Thank you and just like in case the **** hits then fan around the world wether it be zombies, crazy warfare, ect. Just looking to see if people have a stash of ammo and a favorite gun they would base there survivability on. Just kinda an off topic post. I have a WW vex SS. That I've bought a yhm free float foregrip for attachments. I like the gun a lot and I try stocking up on 5.56 NATO ammunation. I like the heavier 77gr otm stuff.


----------



## marty dabney (Dec 31, 2011)

i have a stock pile of ammo for most of my firearms but not really to defend myself in a shtf senario but because i handload and the components were cheap and i hate not being able to walk downstairs and grab a few boxs when i want to shoot.honestly,i would be more concernd about having things like food,water and other emergency items on hand because most likley the shtf will be that of a natural dissaster,economic crash and things of that sort.ammo is always a good thing to have around because a firearm is useless without it and in the event you need it to protect yourself or whatever it's nice.as far as what firearm i would use that is a matter of opinion.most people say an ar or ak of some sort,some say a high capacity shotgun.talk to 20 people and get that many different answers.i honestly believe no one really knows what the best way to survive in a situation like that because most of us have never lived through a situation like that but regardless you are better off being what some people think is over prepared that not prepared at all.hope i wasn't too long winded.lol


----------



## Predator556 (Dec 8, 2012)

It wasn't too long at all good advice. I wasn't trying to narrow down to just firearms by I like the add about water. Just want people to always be prepared now matter what comes at us in the future.


----------



## Not_Fur_Friendly (Feb 23, 2012)

Welcome to PT. If SHTF, I am like most outdoorsman. I have hunting and fishing skills as well as first aid and camping supplies. I know where shelter and fresh (year round) water is in case I have to bug out. What I would do in case of a long term issue is team up with a bunch of other survivors and wait it out. I bring some special skills to the table so I would be able to show myself as an asset. Im not a "Prepper" but am able to fend for my family if need be. Protection is key but food, water and shelter is a must have to survive. As far as what weapons I would bring with me, thats an easy one....ALL OF THEM.


----------



## Predator556 (Dec 8, 2012)

Ha good answer. I guess I'm a lot like you as far as prepping goes. I don't have everything I need but have all the know how to last what ever happens out with the help of other assets. Good post.


----------



## fr3db3ar (Aug 6, 2011)

I can't get my wife to prepare for lunch next week let alone SHTF. She'll be dead (zombie) and I'll be off in the woods somewhere with her horse


----------



## youngdon (Mar 10, 2010)

I'm betting she doesn't read the forum right Fred ?


----------



## prairiewolf (Feb 19, 2012)

My wife is just the opposite, she is always asking me do you have bullets for all your guns ? Do you know how to do this and do that? Of course on the ammo I always say, I need to buy some powder or primers and maybe some more bullets ! LOL

but then when I go shooting she will always ask, are you shooting up all your bullets !! Og course I say no Honey, bullets arent any good if you cant hit what you aim at and she says OK. LOL and thats why weve been married for 45 yrs !!


----------



## Predator556 (Dec 8, 2012)

You guys crack me up! Haha but yeah I would really like to start reloading just tryin to save up for a single stage press kit. My wife hates when I buy ammunition.


----------



## bucksquatch (Nov 21, 2012)

prairiewolf, my girlfriend tells me "shut up, I'm sick of hearing about hunting and fishing", so you're a lucky man.

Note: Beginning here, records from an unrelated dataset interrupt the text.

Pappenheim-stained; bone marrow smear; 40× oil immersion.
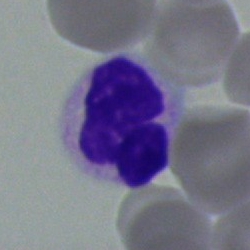
Segmented neutrophil.
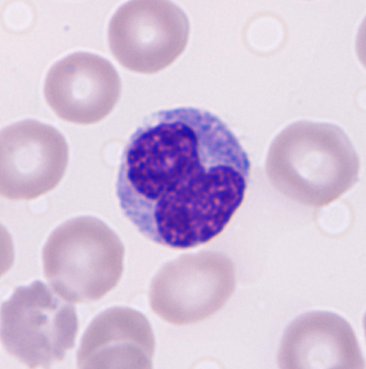 A monocyte. Preparation: Peripheral blood film.
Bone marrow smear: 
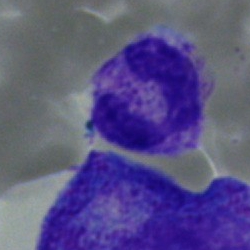
Specimen: bone marrow aspirate smear.
Cell: segmented neutrophil.
Lineage: myeloid.
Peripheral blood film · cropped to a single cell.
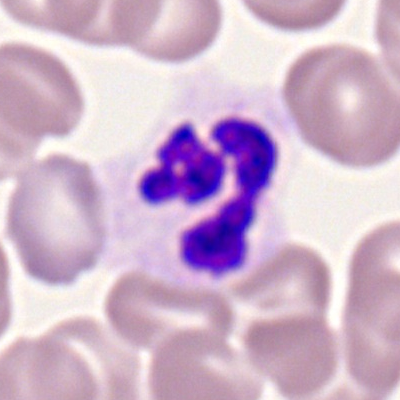

Specimen: peripheral blood film.
Cell type: polymorphonuclear neutrophil.
Lineage: myeloid.
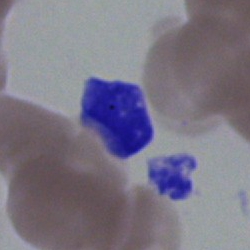

Artifact.
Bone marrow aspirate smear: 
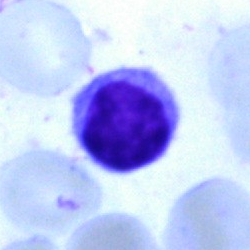
Classification — lymphocyte.
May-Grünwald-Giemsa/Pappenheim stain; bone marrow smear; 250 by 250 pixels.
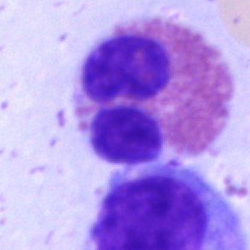Single cell identified as an eosinophilic granulocyte.
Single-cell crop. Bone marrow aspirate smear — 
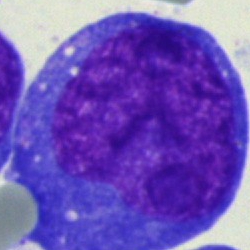
Morphology consistent with a blast.
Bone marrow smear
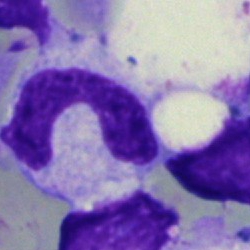
Band-form neutrophil.
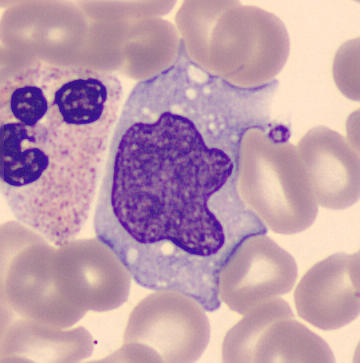

Identified as a monocyte. Peripheral blood film.

As for a SHTF scenario, I'd go with MRE's and water of course. But would also be bringing a Ruger 10/22, Glock 17, Benelli Super Nova 12ga, Mosin Nagant (3 or 4 because they are accurate and cheap as s***), Remington 870 20ga, lots of ammo for all including slugs for the shotguns, Cold Steel Machete and a nice hunting knife. I don't own all these guns, I wish I did, this just is my "I'll die before you take my home and hurt my family" list excluding specifics such as gun accesories and exact ammo specs.


----------



## bucksquatch (Nov 21, 2012)

Since this is a what if scenario I also forgot to add a Bear Anarchy compound bow with at least 100 or so arrows tipped with Rage Broadheads for when it needs to be quiet :really:

that's alot of hardware I listed off hahaha


----------



## sneakygroundbuzzard (Nov 1, 2012)

ok i am like alot of you folks,i like to be prepared

but what good are your firearms going to be once you run out of powder,primers,bullets ?

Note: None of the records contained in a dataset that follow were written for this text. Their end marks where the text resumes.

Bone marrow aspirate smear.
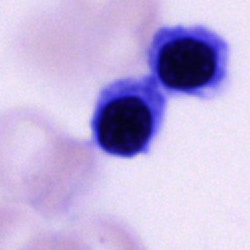 A cell of indeterminate lineage.
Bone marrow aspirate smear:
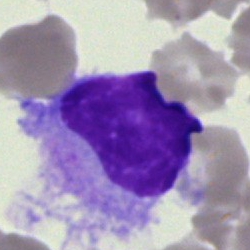
Cell: hairy cell.
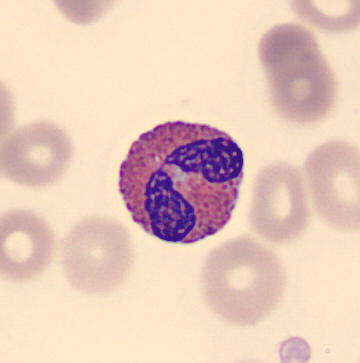
Image: Peripheral blood film. Q: Identify the cell.
A: Eosinophil.
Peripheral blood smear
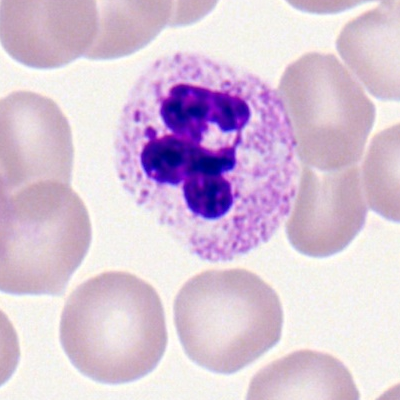

Morphology consistent with a neutrophil (segmented).
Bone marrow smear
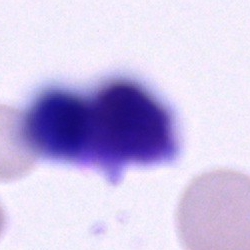
Cell: artifact.
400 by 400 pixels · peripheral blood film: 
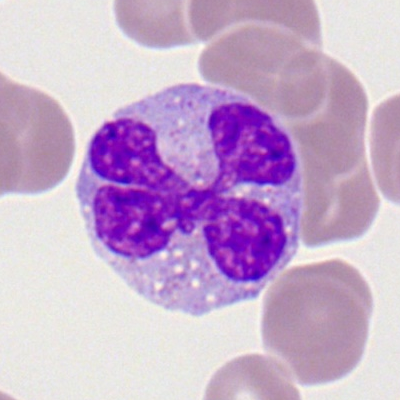The cell shown is a monocyte.
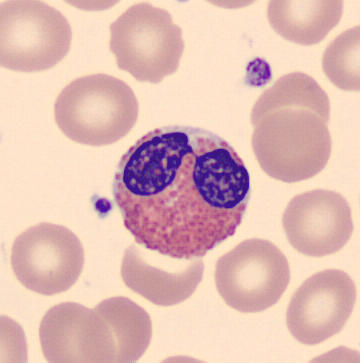
Image: Image size 360×363.
Specimen: peripheral blood smear.
Cell type: eosinophil.
Lineage: myeloid.
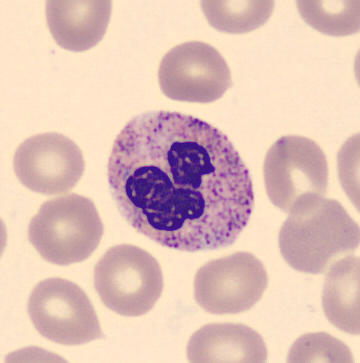
Q: Which cell type is shown here?
A: It is a polymorphonuclear neutrophil.
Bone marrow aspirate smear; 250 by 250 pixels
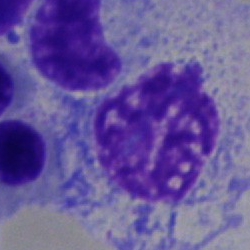
Morphology consistent with an artifact.
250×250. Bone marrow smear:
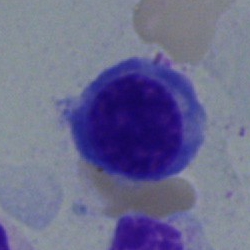 Q: What cell is this?
A: An erythroblast.
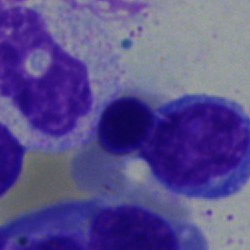

Impression — normoblast.
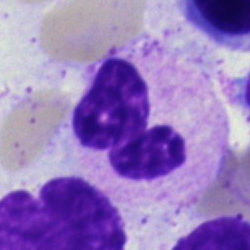

Cell type: segmented neutrophil.
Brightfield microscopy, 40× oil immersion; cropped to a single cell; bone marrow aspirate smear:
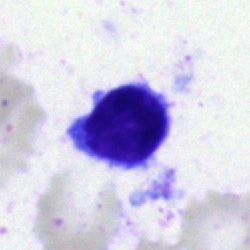
Cell: typical lymphocyte.
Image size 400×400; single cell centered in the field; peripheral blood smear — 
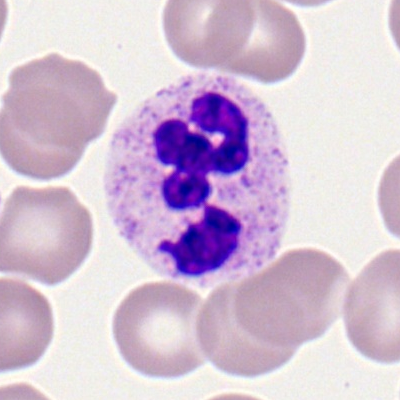 Morphology → segmented neutrophil.
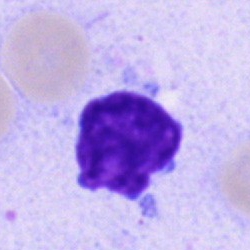 Impression — lymphocyte.
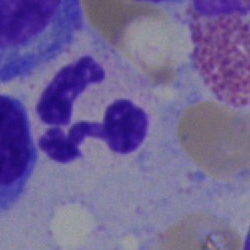
This is a polymorphonuclear neutrophil.
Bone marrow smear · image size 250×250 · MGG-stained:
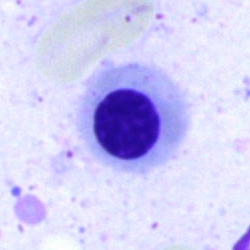
{"cell_type": "nucleated red cell", "lineage": "erythroid"}

remember if t SHTF these are limited supply items,i.e. once what you have is gone there will be no more stores to go purchase the needed supplies to keep making amo.

me i am only slightly worried about fending off other folks who want to take what i have i.e. food and water supplies

as far as weapons,not worried about stock piling them or amo

nature has already done that for

every thing i need to survive i can find in nature

food,water,shelter and weapons are all out there just waiting to be used(if you have the know how and skills to use them)

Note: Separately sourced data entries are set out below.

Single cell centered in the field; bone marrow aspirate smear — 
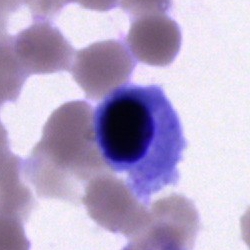

Morphological class: normoblast.
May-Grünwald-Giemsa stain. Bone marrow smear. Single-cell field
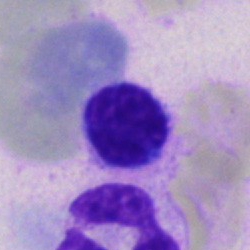
Lymphocyte.
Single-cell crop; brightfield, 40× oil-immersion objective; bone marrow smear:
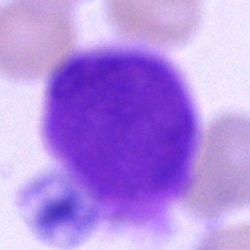 Artefact.
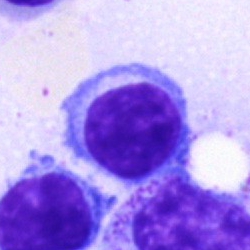 Bone marrow aspirate smear, single cell — lymphocyte.
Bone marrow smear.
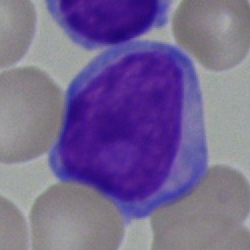 Q: What type of cell is this?
A: It is a lymphocyte.
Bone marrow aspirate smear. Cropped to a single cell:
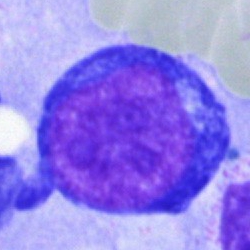
Cell type — erythroblast.
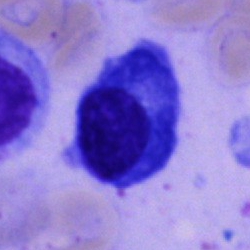Q: What cell is this?
A: This is a plasma cell.
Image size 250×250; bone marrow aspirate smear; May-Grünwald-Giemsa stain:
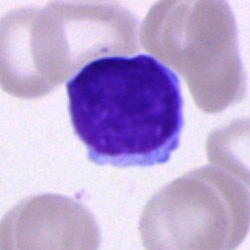

Impression → lymphocyte.
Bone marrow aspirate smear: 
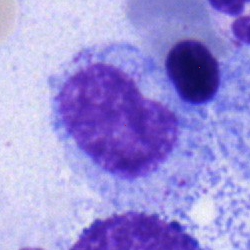 Impression → metamyelocyte.
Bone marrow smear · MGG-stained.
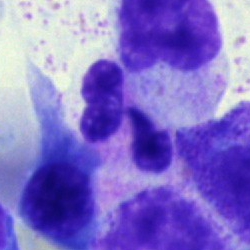Impression → segmented neutrophil.
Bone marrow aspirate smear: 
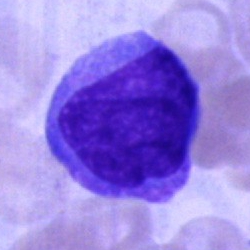
Morphology → blast cell.
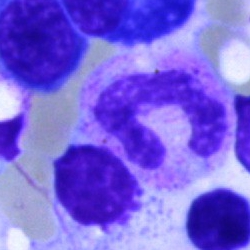

Morphological class: neutrophil (segmented).
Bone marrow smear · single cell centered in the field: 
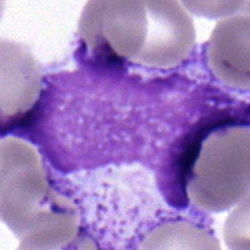Morphology — myelocyte.
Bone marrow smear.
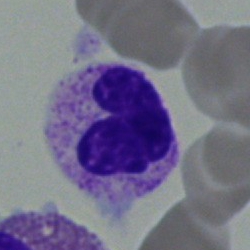

Morphological class — band neutrophil.
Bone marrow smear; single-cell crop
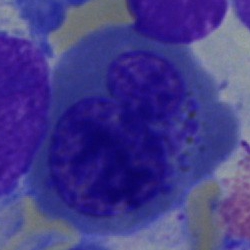 Impression — normoblast.
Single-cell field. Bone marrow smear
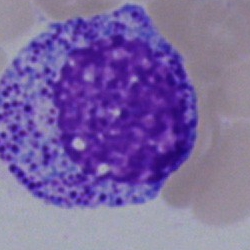Impression — myelocyte.
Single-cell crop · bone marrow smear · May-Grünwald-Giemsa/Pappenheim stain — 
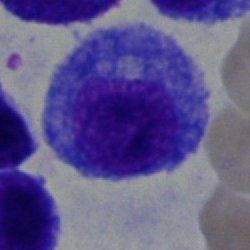
The classification is progranulocyte.
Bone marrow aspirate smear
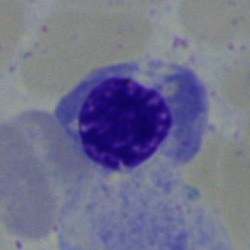 Q: What is the morphological classification of this cell?
A: This is a normoblast.
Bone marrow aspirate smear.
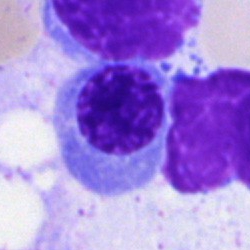Q: What cell is this?
A: A normoblast.
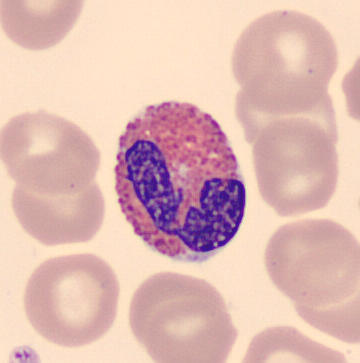 Morphology — eosinophilic granulocyte. Acquisition: Peripheral blood film; CellaVision DM96 digital cell image.
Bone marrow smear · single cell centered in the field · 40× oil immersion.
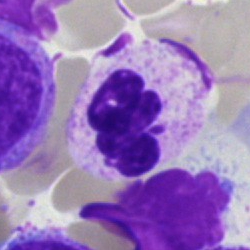

A neutrophil (segmented).
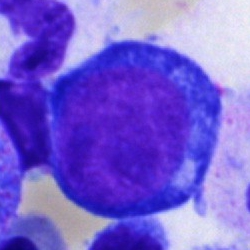
Cell type — proerythroblast.
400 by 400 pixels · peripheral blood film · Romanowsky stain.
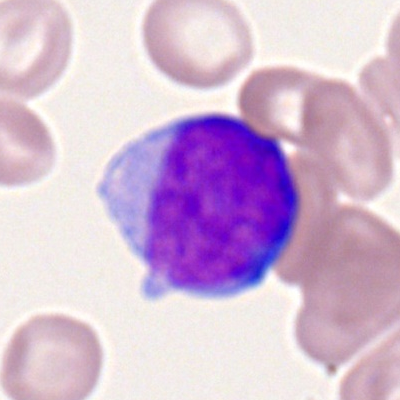Morphology consistent with a myeloblast.
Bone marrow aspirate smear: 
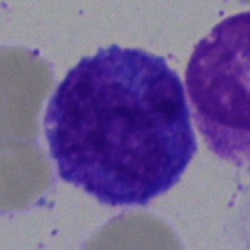 A progranulocyte.
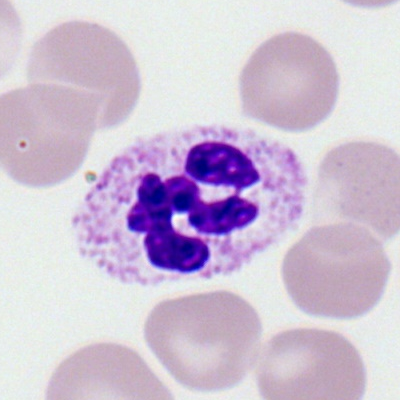 Segmented neutrophil.
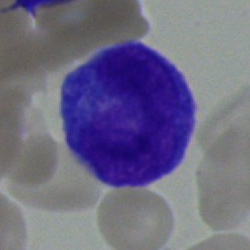

Specimen: bone marrow smear.
Morphological class: blast.
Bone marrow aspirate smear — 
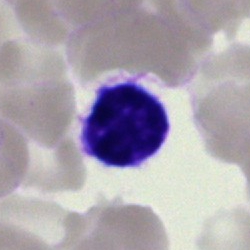Cell = lymphocyte.
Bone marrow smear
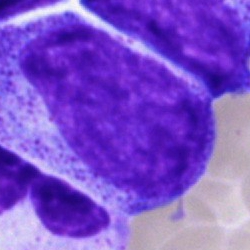

Showing a progranulocyte.
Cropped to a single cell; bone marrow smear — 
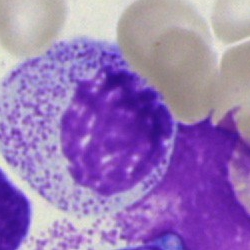Cell: myelocyte.
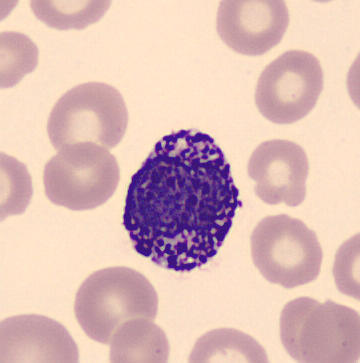

Cell — basophilic granulocyte.

Preparation: Peripheral blood smear.
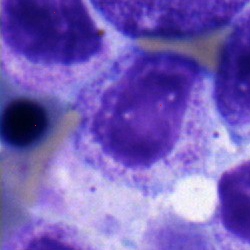Single-cell crop from a bone marrow smear: normoblast.
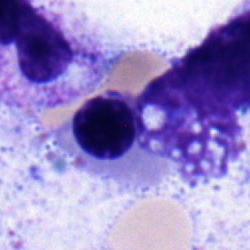 Q: What cell is this?
A: Normoblast.
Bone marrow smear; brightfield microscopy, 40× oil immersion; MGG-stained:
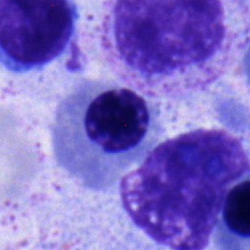
Cell type = nucleated red cell.
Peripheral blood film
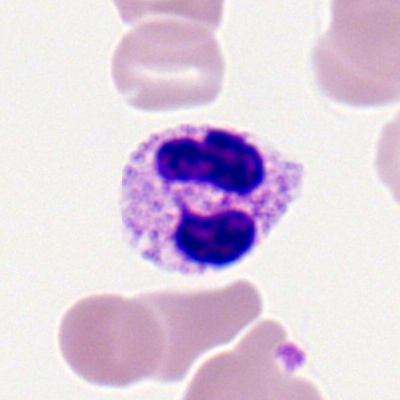 Morphological class: segmented neutrophil.

me i know what plants are safe to eat in my area. rocks can be made in to very efficient blades and points,trees into bows,plants into cordage and for food.animals for food and clothing and shelter,other woods for arrow shafts,fire starting etc etc.the list goes on for ever.

one just has to get back to their primal being (inside all of us) and there is no need to stock pile to survive.

trust me on this for i am a primal being, a modern day cave man as it were


----------



## marty dabney (Dec 31, 2011)

sneakygroundbuzzard said:


> ok i am like alot of you folks,i like to be prepared
> 
> but what good are your firearms going to be once you run out of powder,primers,bullets ?
> 
> ...


sorry but i have to respectfuly dissagree in the sense that not everyone can go back to the primal way of living off of the land,the population won't allow it.there is just to many people concentrated in small areas that if we have a shtf situation where we have to resort to that people who are fighting for survival would most likley be willing to take your life to survive if need be so it goes back to the old saying about bringing a knife to a gunfight.as far as finding reloading supplies i don't think i personally will ever go through what i have in a lifetime.


----------



## fr3db3ar (Aug 6, 2011)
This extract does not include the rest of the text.